Stored data:
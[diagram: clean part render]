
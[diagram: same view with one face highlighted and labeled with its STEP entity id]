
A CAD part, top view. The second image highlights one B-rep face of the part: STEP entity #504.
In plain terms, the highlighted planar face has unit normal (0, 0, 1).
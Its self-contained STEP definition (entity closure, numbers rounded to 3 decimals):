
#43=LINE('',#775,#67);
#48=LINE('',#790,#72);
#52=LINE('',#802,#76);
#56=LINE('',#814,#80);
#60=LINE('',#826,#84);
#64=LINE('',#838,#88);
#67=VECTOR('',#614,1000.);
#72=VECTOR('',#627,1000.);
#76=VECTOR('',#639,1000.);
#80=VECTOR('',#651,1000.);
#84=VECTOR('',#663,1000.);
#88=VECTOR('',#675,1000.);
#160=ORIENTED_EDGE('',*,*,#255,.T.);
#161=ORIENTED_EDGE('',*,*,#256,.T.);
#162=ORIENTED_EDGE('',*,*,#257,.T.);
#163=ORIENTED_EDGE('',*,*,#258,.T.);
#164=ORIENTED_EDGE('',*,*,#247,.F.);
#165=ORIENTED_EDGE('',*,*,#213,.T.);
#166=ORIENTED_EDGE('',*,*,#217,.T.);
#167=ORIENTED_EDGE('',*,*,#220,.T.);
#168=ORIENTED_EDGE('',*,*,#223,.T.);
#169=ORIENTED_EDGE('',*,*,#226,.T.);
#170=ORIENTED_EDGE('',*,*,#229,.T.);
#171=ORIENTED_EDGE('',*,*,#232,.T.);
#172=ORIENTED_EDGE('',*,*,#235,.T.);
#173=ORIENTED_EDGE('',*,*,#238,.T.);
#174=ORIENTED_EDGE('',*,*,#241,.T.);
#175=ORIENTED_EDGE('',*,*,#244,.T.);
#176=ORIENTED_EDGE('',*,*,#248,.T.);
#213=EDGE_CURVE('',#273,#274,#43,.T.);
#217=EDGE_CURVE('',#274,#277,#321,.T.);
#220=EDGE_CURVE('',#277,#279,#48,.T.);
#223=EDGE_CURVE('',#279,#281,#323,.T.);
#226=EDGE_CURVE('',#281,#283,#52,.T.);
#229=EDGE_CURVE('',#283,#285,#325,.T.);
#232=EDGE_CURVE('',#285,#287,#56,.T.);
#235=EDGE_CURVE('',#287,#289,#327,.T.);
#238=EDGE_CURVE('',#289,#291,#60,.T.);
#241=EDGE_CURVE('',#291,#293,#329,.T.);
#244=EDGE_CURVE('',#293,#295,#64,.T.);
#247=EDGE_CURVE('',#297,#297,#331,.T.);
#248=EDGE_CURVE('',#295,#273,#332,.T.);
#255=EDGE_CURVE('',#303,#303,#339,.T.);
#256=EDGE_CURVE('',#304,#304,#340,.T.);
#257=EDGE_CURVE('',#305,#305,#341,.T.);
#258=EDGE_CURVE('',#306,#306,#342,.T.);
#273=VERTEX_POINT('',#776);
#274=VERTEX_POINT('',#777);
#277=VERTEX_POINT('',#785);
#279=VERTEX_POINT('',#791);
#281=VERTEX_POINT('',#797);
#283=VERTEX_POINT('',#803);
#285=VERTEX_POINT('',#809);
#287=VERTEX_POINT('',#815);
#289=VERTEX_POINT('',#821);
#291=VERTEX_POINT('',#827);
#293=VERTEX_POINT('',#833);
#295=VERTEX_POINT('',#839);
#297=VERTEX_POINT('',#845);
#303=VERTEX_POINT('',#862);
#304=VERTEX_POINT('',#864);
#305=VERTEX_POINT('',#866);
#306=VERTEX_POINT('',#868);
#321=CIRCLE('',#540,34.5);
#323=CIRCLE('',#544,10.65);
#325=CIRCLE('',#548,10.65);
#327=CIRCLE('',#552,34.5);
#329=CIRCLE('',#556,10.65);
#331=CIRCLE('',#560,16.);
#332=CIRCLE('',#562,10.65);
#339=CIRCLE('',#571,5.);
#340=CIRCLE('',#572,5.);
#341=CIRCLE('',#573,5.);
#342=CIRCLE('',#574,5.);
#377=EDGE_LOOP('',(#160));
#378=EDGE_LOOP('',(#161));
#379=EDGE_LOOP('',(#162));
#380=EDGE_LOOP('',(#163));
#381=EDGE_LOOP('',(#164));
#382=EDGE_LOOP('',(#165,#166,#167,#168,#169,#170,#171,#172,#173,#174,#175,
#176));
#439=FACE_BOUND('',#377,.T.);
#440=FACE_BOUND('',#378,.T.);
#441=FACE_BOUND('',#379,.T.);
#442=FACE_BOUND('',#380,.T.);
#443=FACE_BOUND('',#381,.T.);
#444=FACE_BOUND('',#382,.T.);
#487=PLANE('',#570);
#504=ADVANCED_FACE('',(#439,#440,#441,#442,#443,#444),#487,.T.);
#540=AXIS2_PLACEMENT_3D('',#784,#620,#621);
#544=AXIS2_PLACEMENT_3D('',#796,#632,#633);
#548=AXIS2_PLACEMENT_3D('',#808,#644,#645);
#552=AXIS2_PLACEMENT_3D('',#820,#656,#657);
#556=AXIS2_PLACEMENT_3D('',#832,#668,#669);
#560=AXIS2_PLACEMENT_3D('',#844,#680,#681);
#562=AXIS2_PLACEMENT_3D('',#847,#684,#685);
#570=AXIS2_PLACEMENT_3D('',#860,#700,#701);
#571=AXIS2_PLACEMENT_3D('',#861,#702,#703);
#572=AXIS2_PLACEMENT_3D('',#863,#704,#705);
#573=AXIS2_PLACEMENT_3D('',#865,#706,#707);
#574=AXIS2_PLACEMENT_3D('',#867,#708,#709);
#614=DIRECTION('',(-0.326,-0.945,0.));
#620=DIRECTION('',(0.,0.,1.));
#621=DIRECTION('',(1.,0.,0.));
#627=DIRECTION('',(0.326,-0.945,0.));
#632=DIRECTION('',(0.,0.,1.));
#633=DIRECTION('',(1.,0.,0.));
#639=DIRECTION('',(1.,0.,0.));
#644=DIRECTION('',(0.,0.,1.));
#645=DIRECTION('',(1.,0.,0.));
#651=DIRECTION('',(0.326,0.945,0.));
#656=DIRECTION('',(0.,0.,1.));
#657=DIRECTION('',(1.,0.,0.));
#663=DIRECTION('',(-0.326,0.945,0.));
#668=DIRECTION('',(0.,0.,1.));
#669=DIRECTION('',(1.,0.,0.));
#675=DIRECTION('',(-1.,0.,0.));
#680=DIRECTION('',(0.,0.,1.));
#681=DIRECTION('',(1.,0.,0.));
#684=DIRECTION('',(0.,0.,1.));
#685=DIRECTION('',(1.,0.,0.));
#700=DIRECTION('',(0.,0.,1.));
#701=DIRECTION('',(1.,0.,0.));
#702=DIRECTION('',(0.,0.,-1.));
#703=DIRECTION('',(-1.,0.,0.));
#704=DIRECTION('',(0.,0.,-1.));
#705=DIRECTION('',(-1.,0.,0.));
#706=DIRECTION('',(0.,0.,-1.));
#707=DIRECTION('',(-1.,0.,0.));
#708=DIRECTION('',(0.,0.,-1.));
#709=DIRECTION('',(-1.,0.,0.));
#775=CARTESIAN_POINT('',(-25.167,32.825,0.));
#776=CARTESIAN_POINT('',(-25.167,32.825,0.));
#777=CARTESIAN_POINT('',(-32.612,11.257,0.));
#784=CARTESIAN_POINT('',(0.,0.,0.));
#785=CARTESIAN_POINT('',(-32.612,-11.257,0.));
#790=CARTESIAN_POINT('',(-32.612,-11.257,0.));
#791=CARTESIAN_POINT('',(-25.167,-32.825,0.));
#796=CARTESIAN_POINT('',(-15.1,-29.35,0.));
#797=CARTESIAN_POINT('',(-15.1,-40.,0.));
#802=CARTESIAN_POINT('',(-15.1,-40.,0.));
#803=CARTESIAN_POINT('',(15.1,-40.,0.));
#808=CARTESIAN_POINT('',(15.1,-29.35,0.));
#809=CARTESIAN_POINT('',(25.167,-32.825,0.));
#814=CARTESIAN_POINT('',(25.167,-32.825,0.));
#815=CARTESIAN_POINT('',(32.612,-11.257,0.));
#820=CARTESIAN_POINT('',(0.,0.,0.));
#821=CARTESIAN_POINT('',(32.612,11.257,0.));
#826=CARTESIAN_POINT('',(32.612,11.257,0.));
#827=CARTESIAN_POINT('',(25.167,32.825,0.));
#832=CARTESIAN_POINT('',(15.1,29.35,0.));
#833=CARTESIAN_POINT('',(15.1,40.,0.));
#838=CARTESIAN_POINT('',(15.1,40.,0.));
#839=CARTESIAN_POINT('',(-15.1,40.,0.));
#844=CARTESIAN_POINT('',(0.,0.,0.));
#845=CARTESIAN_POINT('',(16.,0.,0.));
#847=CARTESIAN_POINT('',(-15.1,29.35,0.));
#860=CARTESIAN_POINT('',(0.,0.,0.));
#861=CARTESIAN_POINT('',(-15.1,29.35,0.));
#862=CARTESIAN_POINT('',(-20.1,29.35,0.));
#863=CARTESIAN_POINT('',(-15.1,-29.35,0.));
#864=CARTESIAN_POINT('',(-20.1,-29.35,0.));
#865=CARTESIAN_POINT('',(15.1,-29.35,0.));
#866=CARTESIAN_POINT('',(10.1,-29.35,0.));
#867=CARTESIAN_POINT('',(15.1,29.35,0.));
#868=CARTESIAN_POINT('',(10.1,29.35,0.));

How to complete this task. Starting at the line that contains "#289=VERTEX_POINT('',#821);" and stopping after the line that contains "#560=AXIS2_PLACEMENT_3D('',#844,#680,#681);", write out every line exactly as it appears above, and no other line.

Answer for this exercise.
#289=VERTEX_POINT('',#821);
#291=VERTEX_POINT('',#827);
#293=VERTEX_POINT('',#833);
#295=VERTEX_POINT('',#839);
#297=VERTEX_POINT('',#845);
#303=VERTEX_POINT('',#862);
#304=VERTEX_POINT('',#864);
#305=VERTEX_POINT('',#866);
#306=VERTEX_POINT('',#868);
#321=CIRCLE('',#540,34.5);
#323=CIRCLE('',#544,10.65);
#325=CIRCLE('',#548,10.65);
#327=CIRCLE('',#552,34.5);
#329=CIRCLE('',#556,10.65);
#331=CIRCLE('',#560,16.);
#332=CIRCLE('',#562,10.65);
#339=CIRCLE('',#571,5.);
#340=CIRCLE('',#572,5.);
#341=CIRCLE('',#573,5.);
#342=CIRCLE('',#574,5.);
#377=EDGE_LOOP('',(#160));
#378=EDGE_LOOP('',(#161));
#379=EDGE_LOOP('',(#162));
#380=EDGE_LOOP('',(#163));
#381=EDGE_LOOP('',(#164));
#382=EDGE_LOOP('',(#165,#166,#167,#168,#169,#170,#171,#172,#173,#174,#175,
#176));
#439=FACE_BOUND('',#377,.T.);
#440=FACE_BOUND('',#378,.T.);
#441=FACE_BOUND('',#379,.T.);
#442=FACE_BOUND('',#380,.T.);
#443=FACE_BOUND('',#381,.T.);
#444=FACE_BOUND('',#382,.T.);
#487=PLANE('',#570);
#504=ADVANCED_FACE('',(#439,#440,#441,#442,#443,#444),#487,.T.);
#540=AXIS2_PLACEMENT_3D('',#784,#620,#621);
#544=AXIS2_PLACEMENT_3D('',#796,#632,#633);
#548=AXIS2_PLACEMENT_3D('',#808,#644,#645);
#552=AXIS2_PLACEMENT_3D('',#820,#656,#657);
#556=AXIS2_PLACEMENT_3D('',#832,#668,#669);
#560=AXIS2_PLACEMENT_3D('',#844,#680,#681);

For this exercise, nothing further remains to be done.